Is it possible to share the peace and beauty of Scandia with others, without ruining the lives of the people who live there?
Is it possible to help the owners of historic barns raise money to keep them standing, and to pay the property taxes, without requiring so much additional capital investment that it’s not worth the trouble?
And if it is possible, how should Scandia’s carefully considered ordinances be changed to make it happen?
At the April 2 meeting the Scandia planning commission began its deliberations on allowing for-profit events in rural areas. Both the Stephans, who asked the city to consider this issue, and their neighbors the Bies were at the meeting.
The planning commission decided to study three ways the events could be allowed: (1) through permitted special events, (2) as a new use under resorts and conferences, or (3) as a rural commercial use.
Current city code does not accommodate ventures such as for-profit barn weddings. Agritourism enterprises are allowed only if they are related to agriculture or natural resources and incidental to a farm operation.
The city ordinances relating to resorts and conferences require a setting at least 50 acres in size.
And the city has expressed the goal, in its comprehensive plan, of keeping commerce in the center of the city plus the four historical commercial nodes that already exist.
Scandia has a permitting process for special events, such as when a local bar hosts a live band, but only for public events where everyone is invited. There is no ordinance for private commercial events.
The planning commission also discussed the possibility of allowing wedding ceremonies but not receptions. This would eliminate the issues of food and sound amplification.
The discussion will continue at the next planning commission meeting, 7 p.m. on May 7.
Power Pool Covers
Is a pool cover a good enough safety barrier — so good that a pool fence is not needed?
Scandia requires a fence surrounding a swimming pool.
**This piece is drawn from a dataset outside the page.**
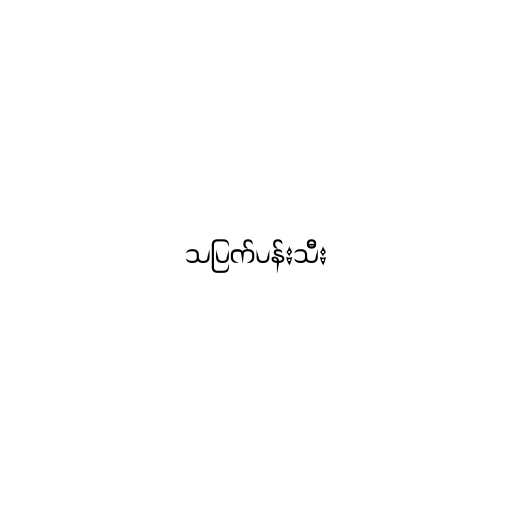
သပြက်ပန်းသီး

The Scandia planning commission heard a request from Jeff and Bea Melby of Parkview Lane that the city’s development code be amended.
Bea Melby said the automatic cover is safer because it is a barrier to the water, whereas a person can put a chair up to a fence and climb over. She brought the mechanism to show that the pool cover cannot be breached.
Jeff Melby added that in their walkout basement house, a person could go out the door to the pool; a fence would not prevent access from the house.
Several cities allow pool covers instead of fences. City Planner Sherri Buss said Forest Lake lets the building inspector make the judgment. Building Inspector Keith Wille, who also does this job for the city of Scandia, has said he is comfortable with pool covers provided they are automatic and meet ASTV standards. May and Grant Townships also allow pool owners to have an automatic cover instead of a fence.
After studying the issue, Buss said, the city of Stillwater decided to no longer allow just the pool cover, because the materials deteriorate over time. Woodbury and Hugo require a fence in addition to the pool cover.
The planning commission voted unanimously to bring the issue back to the next meeting, when they will have more data on key topics: Does the pool cover work only when there is electricity, or is there a manual back-up for use in power outages? Does water accumulate on top of the pool cover?
Chair Christine Maefsky said she was not comfortable removing the fence requirement. It might make more sense “to be more restrictive, to require both rather than to take away that fence,” she said.
If the planning commission decides to recommend changing the ordinance, there will be a public hearing.
In other action, the planning recommended amending a variance granted last summer.
So that Dawn Gillespie could divide a landlocked 40 acres into two 20-acre plots, the city had granted a variance for road frontage. The driveway that now connects the house to Olinda Trail would be shared by two lots. Included was the standard condition that the owner submit a preliminary plat.
Her surveyor advised asking the city to amend the variance. The platting process includes wetland delineation, an expensive process, and if there is no buyer within three years, it must be repeated.
The planning commission agreed that platting is not necessary in this case. Instead, the lots can be created with a metes and bounds description.
Minnesota statute allows parcels of this size to be divided without platting.
The council will rule on the amendment at the April 16 meeting.
Also at the April 16 council meeting, the council is expected to choose a fifth planning commission member to replace Tom Krinke, whose term expired in January. The planning commission interviewed the three candidates on Wednesday, April 3.